Given records:
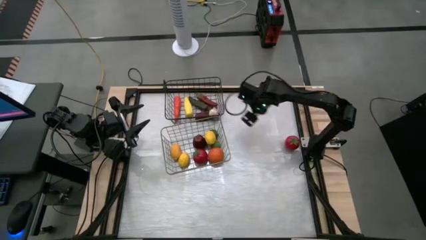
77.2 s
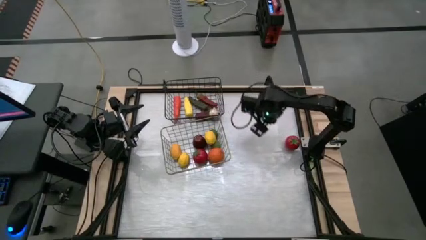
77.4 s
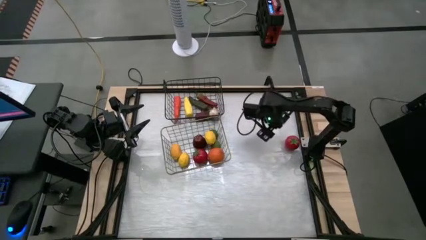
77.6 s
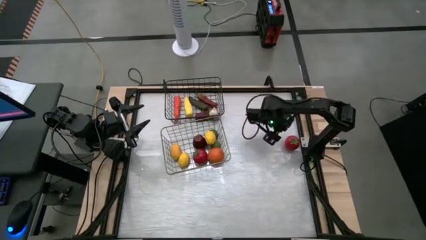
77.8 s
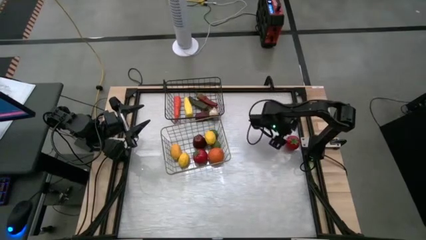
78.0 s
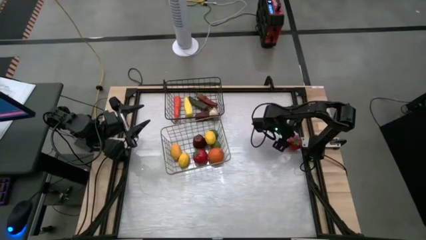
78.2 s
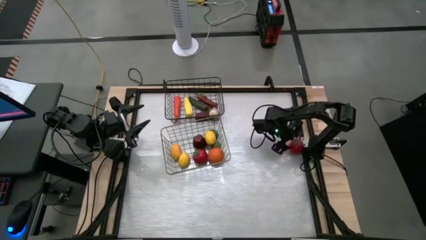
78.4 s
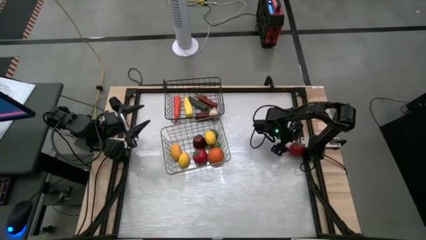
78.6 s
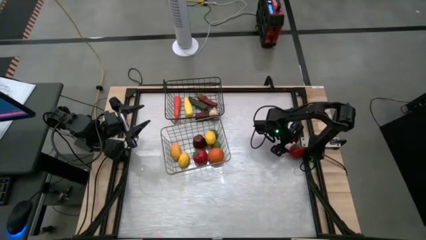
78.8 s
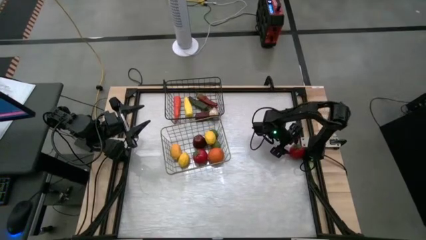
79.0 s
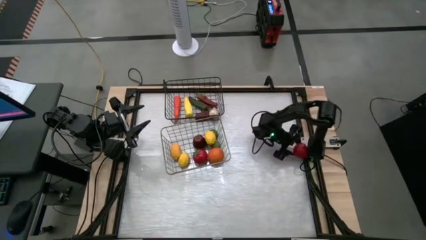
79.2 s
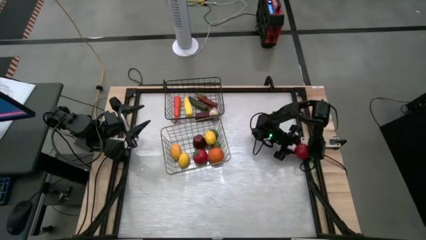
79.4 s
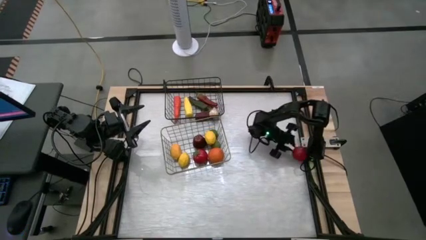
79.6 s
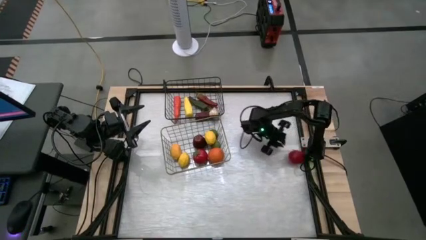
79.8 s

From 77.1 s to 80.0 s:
Task: Sort produce into baskets
Put the red tomato into the brown wire basket

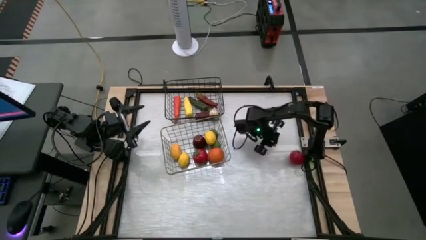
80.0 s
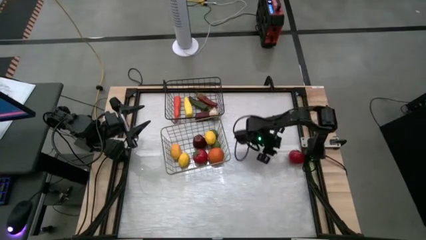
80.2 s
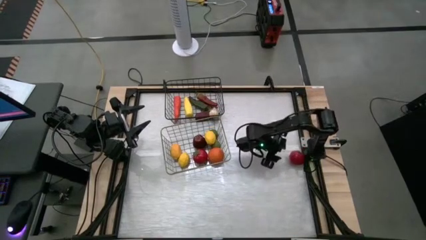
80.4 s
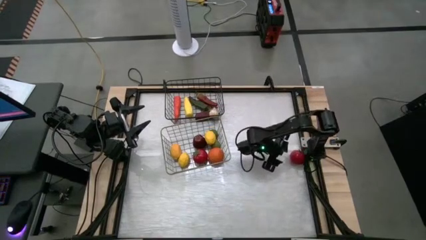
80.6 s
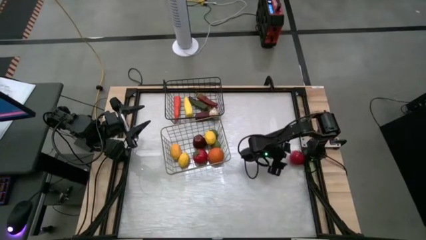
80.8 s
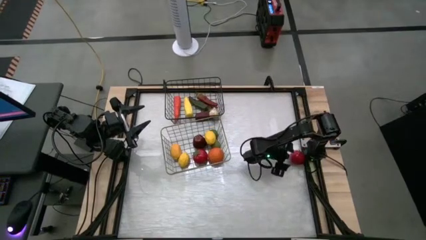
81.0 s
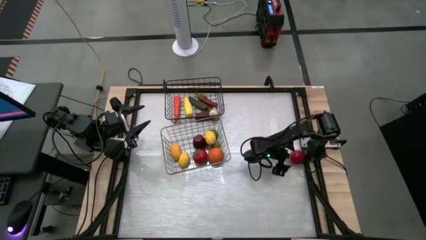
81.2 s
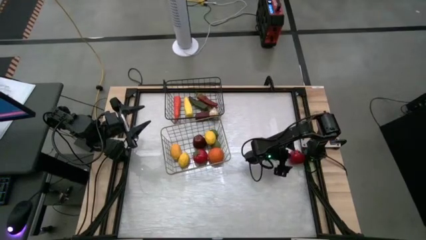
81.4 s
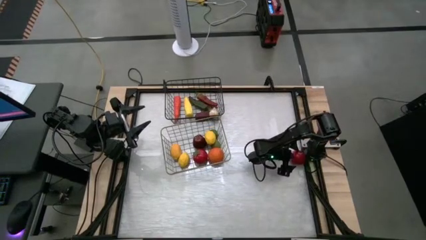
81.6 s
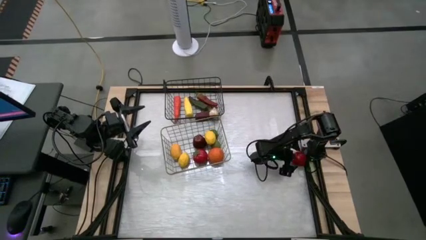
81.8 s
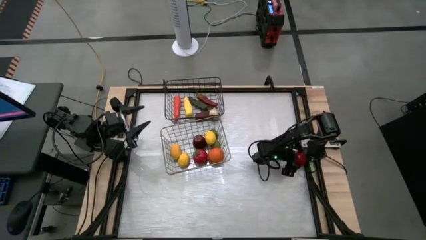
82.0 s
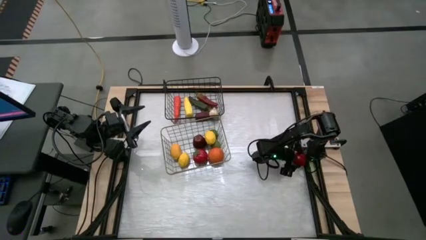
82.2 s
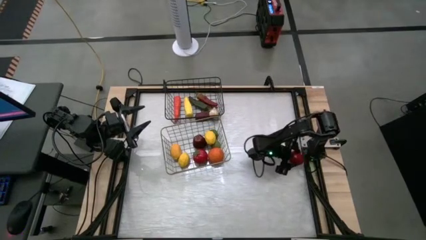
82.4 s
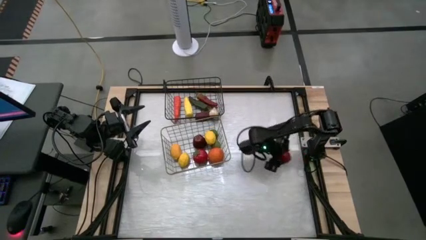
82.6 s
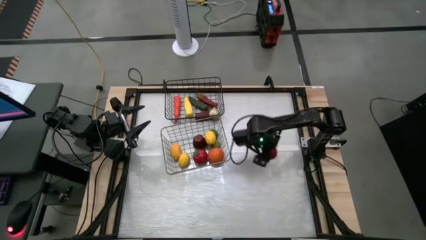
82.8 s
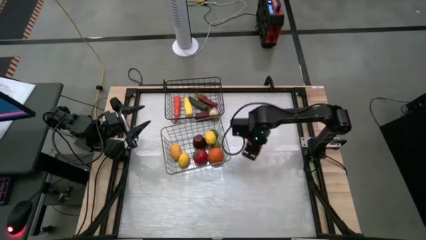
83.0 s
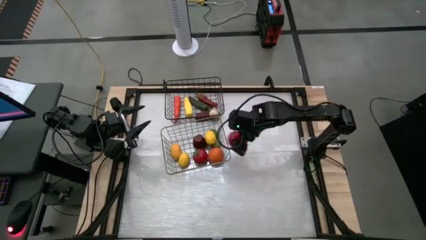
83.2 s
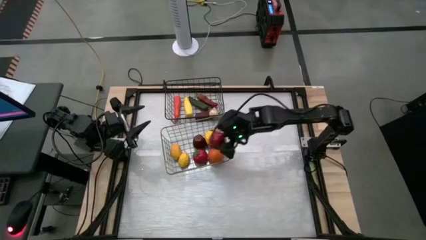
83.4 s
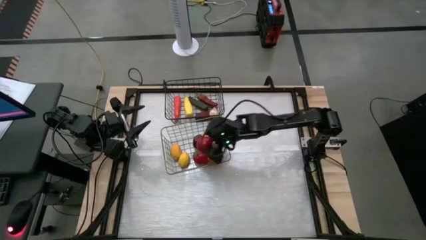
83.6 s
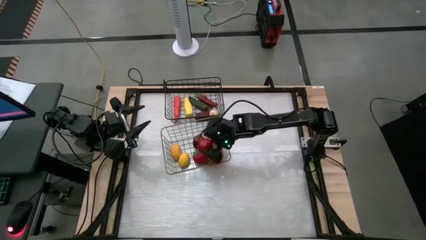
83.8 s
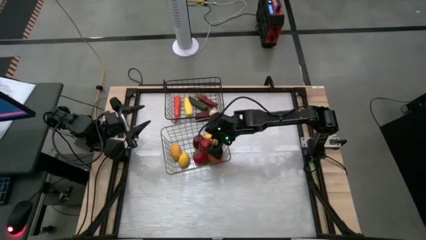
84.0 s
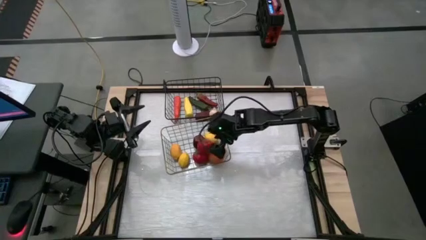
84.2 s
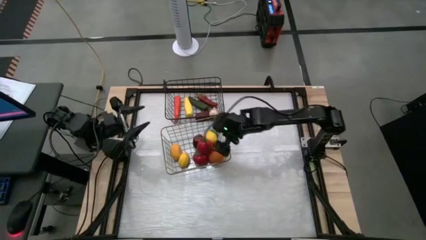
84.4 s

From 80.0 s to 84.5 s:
Put the red tomato into the brown wire basket

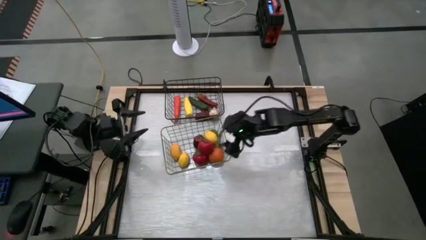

Instructions for the task: The preceding entries are to be returned verbatim, with every picture excluded.

Answer for this exercise:
77.2 s
77.4 s
77.6 s
77.8 s
78.0 s
78.2 s
78.4 s
78.6 s
78.8 s
79.0 s
79.2 s
79.4 s
79.6 s
79.8 s

From 77.1 s to 80.0 s:
Task: Sort produce into baskets
Put the red tomato into the brown wire basket

80.0 s
80.2 s
80.4 s
80.6 s
80.8 s
81.0 s
81.2 s
81.4 s
81.6 s
81.8 s
82.0 s
82.2 s
82.4 s
82.6 s
82.8 s
83.0 s
83.2 s
83.4 s
83.6 s
83.8 s
84.0 s
84.2 s
84.4 s

From 80.0 s to 84.5 s:
Put the red tomato into the brown wire basket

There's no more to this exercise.